EXERCISE GOAL: Could you filter the listing for lines with the word "outdoors" and return them?

----------------------------------------

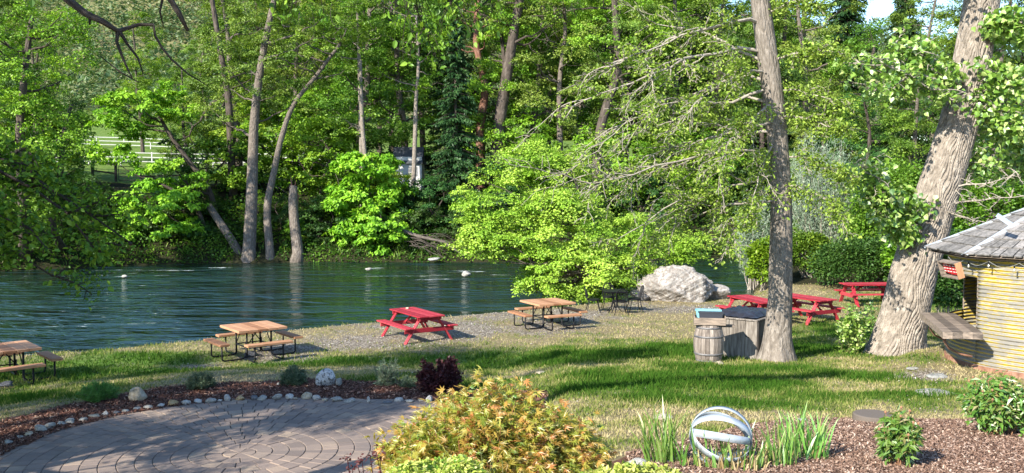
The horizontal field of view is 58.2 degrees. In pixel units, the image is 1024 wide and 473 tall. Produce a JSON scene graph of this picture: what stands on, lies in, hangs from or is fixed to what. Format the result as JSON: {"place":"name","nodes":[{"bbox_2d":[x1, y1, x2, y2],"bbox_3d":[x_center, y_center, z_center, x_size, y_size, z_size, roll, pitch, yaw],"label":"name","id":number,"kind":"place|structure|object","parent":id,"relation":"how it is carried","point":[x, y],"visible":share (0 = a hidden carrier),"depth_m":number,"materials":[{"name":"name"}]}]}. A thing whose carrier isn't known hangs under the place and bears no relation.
{"place":"outdoors","nodes":[
{"label":"outdoors","id":0,"kind":"place"},
{"bbox_2d":[0,396,439,472],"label":"patio","id":1,"kind":"structure","parent":0,"point":[125,441],"depth_m":12.86,"materials":[{"name":"stone"}]},
{"bbox_2d":[0,258,753,356],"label":"river","id":2,"kind":"structure","parent":0,"point":[142,305],"depth_m":41.30,"materials":[{"name":"liquid"}]},
{"bbox_2d":[0,0,979,135],"bbox_3d":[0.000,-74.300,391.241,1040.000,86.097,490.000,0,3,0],"label":"hill","id":3,"kind":"structure","parent":0,"point":[168,43],"depth_m":282.48,"materials":[{"name":"plant"}]},
{"bbox_2d":[0,0,1023,140],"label":"forest","id":4,"kind":"object","parent":3,"relation":"on","point":[100,85],"visible":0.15,"depth_m":257.37,"materials":[{"name":"green plant"}]},
{"bbox_2d":[0,109,1023,471],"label":"ground","id":5,"kind":"structure","parent":0,"point":[348,341],"depth_m":27.84,"materials":[{"name":"soil"}]},
{"bbox_2d":[0,340,62,383],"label":"square picnic table","id":6,"kind":"object","parent":5,"relation":"on","point":[13,348],"visible":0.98,"depth_m":20.19,"materials":[{"name":"brown wood"}]},
{"bbox_2d":[0,0,74,133],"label":"broadleaf tree","id":7,"kind":"object","parent":5,"relation":"on","point":[42,40],"visible":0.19,"depth_m":68.83,"materials":[{"name":"green plant"}]},
{"bbox_2d":[0,37,90,158],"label":"broadleaf tree","id":8,"kind":"object","parent":5,"relation":"on","point":[78,103],"visible":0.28,"depth_m":61.30,"materials":[{"name":"green plant"}]},
{"bbox_2d":[0,0,106,257],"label":"tree","id":9,"kind":"object","parent":5,"relation":"on","point":[22,106],"visible":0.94,"depth_m":49.39,"materials":[{"name":"green leaf"},{"name":"dark bark"}]},
{"bbox_2d":[0,104,112,251],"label":"tree","id":10,"kind":"object","parent":5,"relation":"on","point":[61,243],"visible":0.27,"depth_m":52.20,"materials":[{"name":"green plant"}]},
{"bbox_2d":[75,379,121,402],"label":"round bush","id":11,"kind":"object","parent":5,"relation":"on","point":[95,392],"visible":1,"depth_m":15.05,"materials":[{"name":"green plant"}]},
{"bbox_2d":[0,0,207,309],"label":"overhanging tree","id":12,"kind":"object","parent":5,"relation":"on","point":[34,173],"visible":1,"depth_m":12.97,"materials":[{"name":"green plant"}]},
{"bbox_2d":[113,7,169,152],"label":"broadleaf tree","id":13,"kind":"object","parent":5,"relation":"on","point":[140,78],"visible":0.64,"depth_m":106.64,"materials":[{"name":"green plant"}]},
{"bbox_2d":[80,79,218,211],"bbox_3d":[-24.370,-4.821,60.661,9.371,11.074,6.362,0,3,0],"label":"bigleaf maple","id":14,"kind":"object","parent":5,"relation":"on","point":[112,109],"visible":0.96,"depth_m":60.44,"materials":[{"name":"green plant"}]},
{"bbox_2d":[102,166,209,245],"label":"bigleaf maple","id":15,"kind":"object","parent":5,"relation":"on","point":[174,199],"visible":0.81,"depth_m":59.29,"materials":[{"name":"green plant"}]},
{"bbox_2d":[155,53,215,165],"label":"broadleaf tree","id":16,"kind":"object","parent":5,"relation":"on","point":[184,132],"visible":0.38,"depth_m":69.03,"materials":[{"name":"green plant"}]},
{"bbox_2d":[152,137,270,189],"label":"shrub","id":17,"kind":"object","parent":5,"relation":"on","point":[185,168],"visible":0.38,"depth_m":65.13,"materials":[{"name":"green plant"}]},
{"bbox_2d":[156,0,268,195],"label":"woodland tree","id":18,"kind":"object","parent":5,"relation":"on","point":[227,95],"visible":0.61,"depth_m":65.39,"materials":[{"name":"green plant"}]},
{"bbox_2d":[175,0,286,171],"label":"broadleaf tree","id":19,"kind":"object","parent":5,"relation":"on","point":[192,86],"visible":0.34,"depth_m":68.81,"materials":[{"name":"green plant"}]},
{"bbox_2d":[192,127,281,194],"bbox_3d":[-19.563,-5.149,65.775,5.789,5.385,6.628,0,3,7],"label":"shrub","id":20,"kind":"object","parent":5,"relation":"on","point":[237,176],"visible":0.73,"depth_m":64.28,"materials":[{"name":"green plant"}]},
{"bbox_2d":[203,320,302,362],"bbox_3d":[-6.500,2.621,23.149,2.145,0.761,2.145,-3,4,-38],"label":"square picnic table","id":21,"kind":"object","parent":5,"relation":"on","point":[247,328],"visible":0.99,"depth_m":22.98,"materials":[{"name":"brown wood"}]},
{"bbox_2d":[210,0,298,126],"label":"broadleaf tree","id":22,"kind":"object","parent":5,"relation":"on","point":[254,48],"visible":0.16,"depth_m":75.28,"materials":[{"name":"green plant"}]},
{"bbox_2d":[205,84,308,184],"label":"shrub","id":23,"kind":"object","parent":5,"relation":"on","point":[282,159],"visible":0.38,"depth_m":67.89,"materials":[{"name":"green plant"}]},
{"bbox_2d":[190,0,342,262],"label":"riverbank tree","id":24,"kind":"object","parent":5,"relation":"on","point":[248,255],"visible":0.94,"depth_m":59.74,"materials":[{"name":"green plant"}]},
{"bbox_2d":[0,377,548,455],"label":"bark chips","id":25,"kind":"object","parent":5,"relation":"on","point":[26,422],"visible":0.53,"depth_m":15.29,"materials":[{"name":"wood"}]},
{"bbox_2d":[386,448,502,472],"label":"variegated shrub","id":26,"kind":"object","parent":25,"relation":"on","point":[460,463],"visible":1,"depth_m":4.28,"materials":[{"name":"green plant"}]},
{"bbox_2d":[364,365,627,472],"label":"bush","id":27,"kind":"object","parent":25,"relation":"on","point":[515,431],"visible":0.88,"depth_m":5.17,"materials":[{"name":"yellow plant"}]},
{"bbox_2d":[224,96,343,189],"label":"shrub","id":28,"kind":"object","parent":5,"relation":"on","point":[305,121],"visible":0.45,"depth_m":66.76,"materials":[{"name":"green plant"}]},
{"bbox_2d":[288,179,303,262],"bbox_3d":[-13.971,-0.934,59.497,1.192,5.968,2.104,-1,4,-15],"label":"broken snag","id":29,"kind":"object","parent":5,"relation":"on","point":[297,255],"visible":0.91,"depth_m":59.55,"materials":[{"name":"grey plant"}]},
{"bbox_2d":[246,0,347,180],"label":"broadleaf tree","id":30,"kind":"object","parent":5,"relation":"on","point":[295,70],"visible":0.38,"depth_m":70.80,"materials":[{"name":"green plant"}]},
{"bbox_2d":[268,82,357,180],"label":"broadleaf tree","id":31,"kind":"object","parent":5,"relation":"on","point":[307,94],"visible":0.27,"depth_m":68.94,"materials":[{"name":"green plant"}]},
{"bbox_2d":[272,119,358,195],"bbox_3d":[-13.499,-5.265,65.876,7.016,6.282,8.033,-1,4,-17],"label":"shrub","id":32,"kind":"object","parent":5,"relation":"on","point":[345,140],"visible":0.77,"depth_m":64.66,"materials":[{"name":"green plant"}]},
{"bbox_2d":[261,0,387,259],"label":"riverbank tree","id":33,"kind":"object","parent":5,"relation":"on","point":[307,83],"visible":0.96,"depth_m":59.78,"materials":[{"name":"green plant"}]},
{"bbox_2d":[291,0,422,172],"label":"broadleaf tree","id":34,"kind":"object","parent":5,"relation":"on","point":[334,103],"visible":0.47,"depth_m":67.40,"materials":[{"name":"green plant"}]},
{"bbox_2d":[311,0,404,205],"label":"woodland tree","id":35,"kind":"object","parent":5,"relation":"on","point":[376,114],"visible":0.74,"depth_m":62.41,"materials":[{"name":"green plant"}]},
{"bbox_2d":[308,0,409,146],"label":"broadleaf tree","id":36,"kind":"object","parent":5,"relation":"on","point":[351,75],"visible":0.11,"depth_m":71.45,"materials":[{"name":"green plant"}]},
{"bbox_2d":[320,60,419,256],"bbox_3d":[-9.380,-4.991,60.554,6.966,13.470,5.833,0,3,0],"label":"bigleaf maple","id":37,"kind":"object","parent":5,"relation":"on","point":[340,198],"visible":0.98,"depth_m":59.94,"materials":[{"name":"green plant"}]},
{"bbox_2d":[237,0,514,75],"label":"patio tree","id":38,"kind":"object","parent":5,"relation":"on","point":[438,20],"visible":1,"depth_m":8.84,"materials":[{"name":"green plant"}]},
{"bbox_2d":[342,0,452,209],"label":"woodland tree","id":39,"kind":"object","parent":5,"relation":"on","point":[416,88],"visible":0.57,"depth_m":63.47,"materials":[{"name":"green plant"}]},
{"bbox_2d":[342,0,460,146],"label":"broadleaf tree","id":40,"kind":"object","parent":5,"relation":"on","point":[402,107],"visible":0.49,"depth_m":66.99,"materials":[{"name":"green plant"}]},
{"bbox_2d":[374,188,443,231],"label":"shrub","id":41,"kind":"object","parent":5,"relation":"on","point":[422,213],"visible":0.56,"depth_m":61.22,"materials":[{"name":"green plant"}]},
{"bbox_2d":[393,147,424,189],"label":"white shed","id":42,"kind":"structure","parent":5,"relation":"on","point":[403,154],"depth_m":65.87,"materials":[{"name":"grey paint"}]},
{"bbox_2d":[376,307,457,344],"bbox_3d":[-2.690,2.499,25.947,1.598,0.761,1.958,-2,4,-32],"label":"picnic table","id":43,"kind":"object","parent":5,"relation":"on","point":[422,316],"visible":1,"depth_m":25.57,"materials":[{"name":"red paint"}]},
{"bbox_2d":[0,183,834,270],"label":"undergrowth","id":44,"kind":"object","parent":5,"relation":"on","point":[226,210],"visible":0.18,"depth_m":60.09,"materials":[{"name":"green plant"}]},
{"bbox_2d":[394,174,477,227],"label":"shrub","id":45,"kind":"object","parent":5,"relation":"on","point":[428,182],"visible":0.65,"depth_m":61.43,"materials":[{"name":"green plant"}]},
{"bbox_2d":[414,355,463,393],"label":"barberry bush","id":46,"kind":"object","parent":5,"relation":"on","point":[447,375],"visible":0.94,"depth_m":15.64,"materials":[{"name":"purple plant"}]},
{"bbox_2d":[422,0,477,178],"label":"conifer","id":47,"kind":"object","parent":5,"relation":"on","point":[436,130],"visible":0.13,"depth_m":69.10,"materials":[{"name":"green plant"}]},
{"bbox_2d":[422,15,485,210],"bbox_3d":[-3.983,-8.273,63.392,4.767,13.826,4.394,-1,4,-11],"label":"conifer","id":48,"kind":"object","parent":5,"relation":"on","point":[461,110],"visible":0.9,"depth_m":63.18,"materials":[{"name":"green plant"}]},
{"bbox_2d":[443,0,507,190],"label":"woodland tree","id":49,"kind":"object","parent":5,"relation":"on","point":[483,105],"visible":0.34,"depth_m":67.29,"materials":[{"name":"green plant"}]},
{"bbox_2d":[404,0,557,146],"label":"broadleaf tree","id":50,"kind":"object","parent":5,"relation":"on","point":[471,68],"visible":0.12,"depth_m":74.58,"materials":[{"name":"green plant"}]},
{"bbox_2d":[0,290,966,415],"bbox_3d":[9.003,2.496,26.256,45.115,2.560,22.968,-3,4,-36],"label":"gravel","id":51,"kind":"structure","parent":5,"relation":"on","point":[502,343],"depth_m":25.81,"materials":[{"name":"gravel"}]},
{"bbox_2d":[434,161,534,216],"bbox_3d":[-1.740,-3.048,63.484,7.085,4.485,6.535,-1,4,-12],"label":"shrub","id":52,"kind":"object","parent":5,"relation":"on","point":[511,189],"visible":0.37,"depth_m":62.67,"materials":[{"name":"green plant"}]},
{"bbox_2d":[463,0,548,184],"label":"broadleaf tree","id":53,"kind":"object","parent":5,"relation":"on","point":[491,78],"visible":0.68,"depth_m":66.43,"materials":[{"name":"green plant"}]},
{"bbox_2d":[0,283,1023,459],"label":"grass","id":54,"kind":"structure","parent":5,"relation":"on","point":[736,375],"depth_m":16.93,"materials":[{"name":"plant"}]},
{"bbox_2d":[451,0,574,196],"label":"woodland tree","id":55,"kind":"object","parent":5,"relation":"on","point":[507,73],"visible":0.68,"depth_m":65.16,"materials":[{"name":"green plant"}]},
{"bbox_2d":[477,114,563,193],"bbox_3d":[0.836,-5.367,65.788,6.674,6.731,7.642,0,3,0],"label":"shrub","id":56,"kind":"object","parent":5,"relation":"on","point":[545,132],"visible":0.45,"depth_m":64.54,"materials":[{"name":"green plant"}]},
{"bbox_2d":[481,0,599,163],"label":"broadleaf tree","id":57,"kind":"object","parent":5,"relation":"on","point":[556,60],"visible":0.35,"depth_m":70.93,"materials":[{"name":"green plant"}]},
{"bbox_2d":[497,0,593,170],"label":"broadleaf tree","id":58,"kind":"object","parent":5,"relation":"on","point":[553,97],"visible":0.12,"depth_m":81.36,"materials":[{"name":"green plant"}]},
{"bbox_2d":[508,298,587,330],"bbox_3d":[1.080,2.343,27.991,2.145,0.761,2.145,-2,4,-27],"label":"square picnic table","id":59,"kind":"object","parent":5,"relation":"on","point":[544,303],"visible":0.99,"depth_m":27.84,"materials":[{"name":"brown wood"}]},
{"bbox_2d":[495,0,617,162],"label":"broadleaf tree","id":60,"kind":"object","parent":5,"relation":"on","point":[558,82],"visible":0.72,"depth_m":65.49,"materials":[{"name":"green plant"}]},
{"bbox_2d":[437,138,713,304],"bbox_3d":[4.457,0.188,38.931,9.392,8.352,16.580,2,4,24],"label":"bank alder","id":61,"kind":"object","parent":5,"relation":"on","point":[577,261],"visible":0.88,"depth_m":33.73,"materials":[{"name":"green plant"}]},
{"bbox_2d":[550,3,641,156],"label":"broadleaf tree","id":62,"kind":"object","parent":5,"relation":"on","point":[608,54],"visible":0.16,"depth_m":72.74,"materials":[{"name":"green plant"}]},
{"bbox_2d":[545,0,672,223],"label":"woodland tree","id":63,"kind":"object","parent":5,"relation":"on","point":[615,36],"visible":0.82,"depth_m":63.23,"materials":[{"name":"green plant"}]},
{"bbox_2d":[561,119,667,209],"bbox_3d":[7.155,-4.820,65.932,7.381,7.180,8.452,-1,4,-23],"label":"shrub","id":64,"kind":"object","parent":5,"relation":"on","point":[641,142],"visible":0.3,"depth_m":64.46,"materials":[{"name":"green plant"}]},
{"bbox_2d":[567,0,674,209],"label":"broadleaf tree","id":65,"kind":"object","parent":5,"relation":"on","point":[634,23],"visible":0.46,"depth_m":64.36,"materials":[{"name":"green plant"}]},
{"bbox_2d":[580,460,681,472],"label":"variegated shrub","id":66,"kind":"object","parent":5,"relation":"on","point":[631,467],"visible":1,"depth_m":4.38,"materials":[{"name":"yellow plant"}]},
{"bbox_2d":[578,0,686,197],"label":"broadleaf tree","id":67,"kind":"object","parent":5,"relation":"on","point":[628,77],"visible":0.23,"depth_m":66.40,"materials":[{"name":"green plant"}]},
{"bbox_2d":[601,172,689,222],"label":"shrub","id":68,"kind":"object","parent":5,"relation":"on","point":[654,191],"visible":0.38,"depth_m":63.59,"materials":[{"name":"green plant"}]},
{"bbox_2d":[622,124,717,215],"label":"shrub","id":69,"kind":"object","parent":5,"relation":"on","point":[675,164],"visible":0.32,"depth_m":65.07,"materials":[{"name":"green plant"}]},
{"bbox_2d":[636,264,714,302],"bbox_3d":[6.034,2.031,33.994,2.938,2.013,1.387,0,3,0],"label":"river boulder","id":70,"kind":"object","parent":5,"relation":"on","point":[668,283],"visible":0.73,"depth_m":33.52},
{"bbox_2d":[488,0,867,362],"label":"lawn tree","id":71,"kind":"object","parent":5,"relation":"on","point":[777,343],"visible":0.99,"depth_m":18.90,"materials":[{"name":"green plant"}]},
{"bbox_2d":[622,0,733,186],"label":"broadleaf tree","id":72,"kind":"object","parent":5,"relation":"on","point":[695,7],"visible":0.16,"depth_m":69.21,"materials":[{"name":"green plant"}]},
{"bbox_2d":[693,325,723,361],"bbox_3d":[4.107,2.226,19.214,0.630,0.800,0.625,0,3,0],"label":"wine barrel","id":73,"kind":"object","parent":5,"relation":"on","point":[708,343],"visible":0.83,"depth_m":18.97,"materials":[{"name":"grey wood"}]},
{"bbox_2d":[660,0,774,183],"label":"broadleaf tree","id":74,"kind":"object","parent":5,"relation":"on","point":[747,29],"visible":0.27,"depth_m":71.29,"materials":[{"name":"green plant"}]},
{"bbox_2d":[721,305,766,358],"bbox_3d":[5.248,2.133,20.919,1.370,1.022,1.671,3,4,38],"label":"plank enclosure","id":75,"kind":"object","parent":5,"relation":"on","point":[740,340],"visible":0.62,"depth_m":20.18,"materials":[{"name":"grey wood"}]},
{"bbox_2d":[696,0,800,178],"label":"broadleaf tree","id":76,"kind":"object","parent":5,"relation":"on","point":[744,36],"visible":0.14,"depth_m":79.05,"materials":[{"name":"green plant"}]},
{"bbox_2d":[730,185,769,289],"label":"silver willow","id":77,"kind":"object","parent":5,"relation":"on","point":[754,283],"visible":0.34,"depth_m":43.82,"materials":[{"name":"green plant"}]},
{"bbox_2d":[741,235,769,290],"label":"bramble bush","id":78,"kind":"object","parent":5,"relation":"on","point":[758,267],"visible":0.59,"depth_m":38.85,"materials":[{"name":"green plant"}]},
{"bbox_2d":[714,38,813,200],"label":"broadleaf tree","id":79,"kind":"object","parent":5,"relation":"on","point":[788,77],"visible":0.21,"depth_m":68.92,"materials":[{"name":"green plant"}]},
{"bbox_2d":[728,0,824,140],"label":"broadleaf tree","id":80,"kind":"object","parent":5,"relation":"on","point":[789,36],"visible":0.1,"depth_m":75.66,"materials":[{"name":"green plant"}]},
{"bbox_2d":[741,0,871,176],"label":"broadleaf tree","id":81,"kind":"object","parent":5,"relation":"on","point":[799,26],"visible":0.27,"depth_m":69.92,"materials":[{"name":"green plant"}]},
{"bbox_2d":[792,229,832,277],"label":"bramble bush","id":82,"kind":"object","parent":5,"relation":"on","point":[807,240],"visible":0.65,"depth_m":40.73,"materials":[{"name":"green plant"}]},
{"bbox_2d":[792,293,845,324],"bbox_3d":[9.250,2.283,29.140,1.598,0.761,1.958,-2,4,-30],"label":"picnic table","id":83,"kind":"object","parent":5,"relation":"on","point":[821,302],"visible":0.65,"depth_m":28.64,"materials":[{"name":"red paint"}]},
{"bbox_2d":[625,416,1023,472],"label":"wood chips","id":84,"kind":"object","parent":5,"relation":"on","point":[952,450],"visible":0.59,"depth_m":8.15,"materials":[{"name":"brown wood"}]},
{"bbox_2d":[627,396,695,463],"bbox_3d":[1.285,1.622,7.728,0.657,0.570,0.410,0,3,0],"label":"iris clump","id":85,"kind":"object","parent":84,"relation":"on","point":[668,446],"visible":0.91,"depth_m":7.70,"materials":[{"name":"green plant"}]},
{"bbox_2d":[689,406,752,462],"bbox_3d":[1.725,1.656,7.605,0.506,0.513,0.487,0,3,0],"label":"hoop sphere","id":86,"kind":"object","parent":84,"relation":"on","point":[702,416],"visible":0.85,"depth_m":7.46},
{"bbox_2d":[702,418,774,472],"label":"iris clump","id":87,"kind":"object","parent":84,"relation":"on","point":[755,462],"visible":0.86,"depth_m":7.40,"materials":[{"name":"green plant"}]},
{"bbox_2d":[734,415,808,466],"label":"iris clump","id":88,"kind":"object","parent":84,"relation":"on","point":[783,456],"visible":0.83,"depth_m":7.56,"materials":[{"name":"green plant"}]},
{"bbox_2d":[770,400,837,459],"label":"iris clump","id":89,"kind":"object","parent":84,"relation":"on","point":[816,449],"visible":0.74,"depth_m":7.90,"materials":[{"name":"green plant"}]},
{"bbox_2d":[872,403,925,466],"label":"peony bush","id":90,"kind":"object","parent":84,"relation":"on","point":[898,438],"visible":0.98,"depth_m":7.49,"materials":[{"name":"green plant"}]},
{"bbox_2d":[953,369,1023,436],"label":"peony bush","id":91,"kind":"object","parent":84,"relation":"on","point":[995,403],"visible":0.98,"depth_m":9.04,"materials":[{"name":"green plant"}]},
{"bbox_2d":[790,130,862,272],"bbox_3d":[14.154,-1.710,41.995,4.426,6.880,3.134,0,3,0],"label":"silver willow","id":92,"kind":"object","parent":5,"relation":"on","point":[809,221],"visible":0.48,"depth_m":41.56,"materials":[{"name":"green plant"}]},
{"bbox_2d":[786,77,872,183],"bbox_3d":[19.728,-3.467,57.635,5.733,13.371,5.474,2,4,34],"label":"broadleaf tree","id":93,"kind":"object","parent":5,"relation":"on","point":[835,95],"visible":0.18,"depth_m":57.24,"materials":[{"name":"green plant"}]},
{"bbox_2d":[812,0,878,180],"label":"conifer","id":94,"kind":"object","parent":5,"relation":"on","point":[846,18],"visible":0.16,"depth_m":82.57,"materials":[{"name":"green plant"}]},
{"bbox_2d":[803,233,889,288],"bbox_3d":[14.192,1.031,37.612,4.355,2.329,3.143,0,3,0],"label":"bramble bush","id":95,"kind":"object","parent":5,"relation":"on","point":[832,264],"visible":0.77,"depth_m":37.01,"materials":[{"name":"green plant"}]},
{"bbox_2d":[834,303,871,354],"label":"shrub","id":96,"kind":"object","parent":5,"relation":"on","point":[848,329],"visible":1,"depth_m":20.85,"materials":[{"name":"green plant"}]},
{"bbox_2d":[812,17,923,183],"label":"broadleaf tree","id":97,"kind":"object","parent":5,"relation":"on","point":[869,42],"visible":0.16,"depth_m":66.58,"materials":[{"name":"green plant"}]},
{"bbox_2d":[814,87,923,195],"bbox_3d":[19.241,-3.756,49.865,5.804,9.065,6.143,0,3,-1],"label":"broadleaf tree","id":98,"kind":"object","parent":5,"relation":"on","point":[868,126],"visible":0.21,"depth_m":49.78,"materials":[{"name":"green plant"}]},
{"bbox_2d":[834,154,922,243],"bbox_3d":[16.498,-0.858,40.087,5.086,5.487,3.806,0,3,0],"label":"bramble bush","id":99,"kind":"object","parent":5,"relation":"on","point":[904,173],"visible":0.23,"depth_m":39.56,"materials":[{"name":"green plant"}]},
{"bbox_2d":[865,0,929,195],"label":"conifer","id":100,"kind":"object","parent":5,"relation":"on","point":[900,6],"visible":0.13,"depth_m":57.13,"materials":[{"name":"green plant"}]},
{"bbox_2d":[872,33,951,196],"bbox_3d":[20.402,-4.465,45.608,4.666,11.068,5.330,-2,4,-24],"label":"broadleaf tree","id":101,"kind":"object","parent":5,"relation":"on","point":[909,146],"visible":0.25,"depth_m":45.35,"materials":[{"name":"green plant"}]},
{"bbox_2d":[869,0,979,164],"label":"broadleaf tree","id":102,"kind":"object","parent":5,"relation":"on","point":[942,14],"visible":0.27,"depth_m":51.47,"materials":[{"name":"green plant"}]},
{"bbox_2d":[828,0,1023,355],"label":"leaning cottonwood","id":103,"kind":"object","parent":5,"relation":"on","point":[960,86],"visible":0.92,"depth_m":20.43,"materials":[{"name":"green plant"}]},
{"bbox_2d":[932,228,963,312],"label":"bramble bush","id":104,"kind":"object","parent":5,"relation":"on","point":[945,289],"visible":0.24,"depth_m":26.80,"materials":[{"name":"green plant"}]},
{"bbox_2d":[920,208,1023,378],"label":"round hut","id":105,"kind":"object","parent":5,"relation":"on","point":[982,329],"visible":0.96,"depth_m":15.45,"materials":[{"name":"paint"}]},
{"bbox_2d":[932,0,1023,220],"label":"broadleaf tree","id":106,"kind":"object","parent":5,"relation":"on","point":[956,19],"visible":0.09,"depth_m":43.89,"materials":[{"name":"green plant"}]},
{"bbox_2d":[951,171,1023,233],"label":"bramble bush","id":107,"kind":"object","parent":5,"relation":"on","point":[978,194],"visible":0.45,"depth_m":29.62,"materials":[{"name":"green plant"}]},
{"bbox_2d":[726,0,1023,142],"label":"sky","id":108,"kind":"structure","parent":0,"point":[882,8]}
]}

----------------------------------------

RESPONSE:
{"place":"outdoors","nodes":[
{"label":"outdoors","id":0,"kind":"place"},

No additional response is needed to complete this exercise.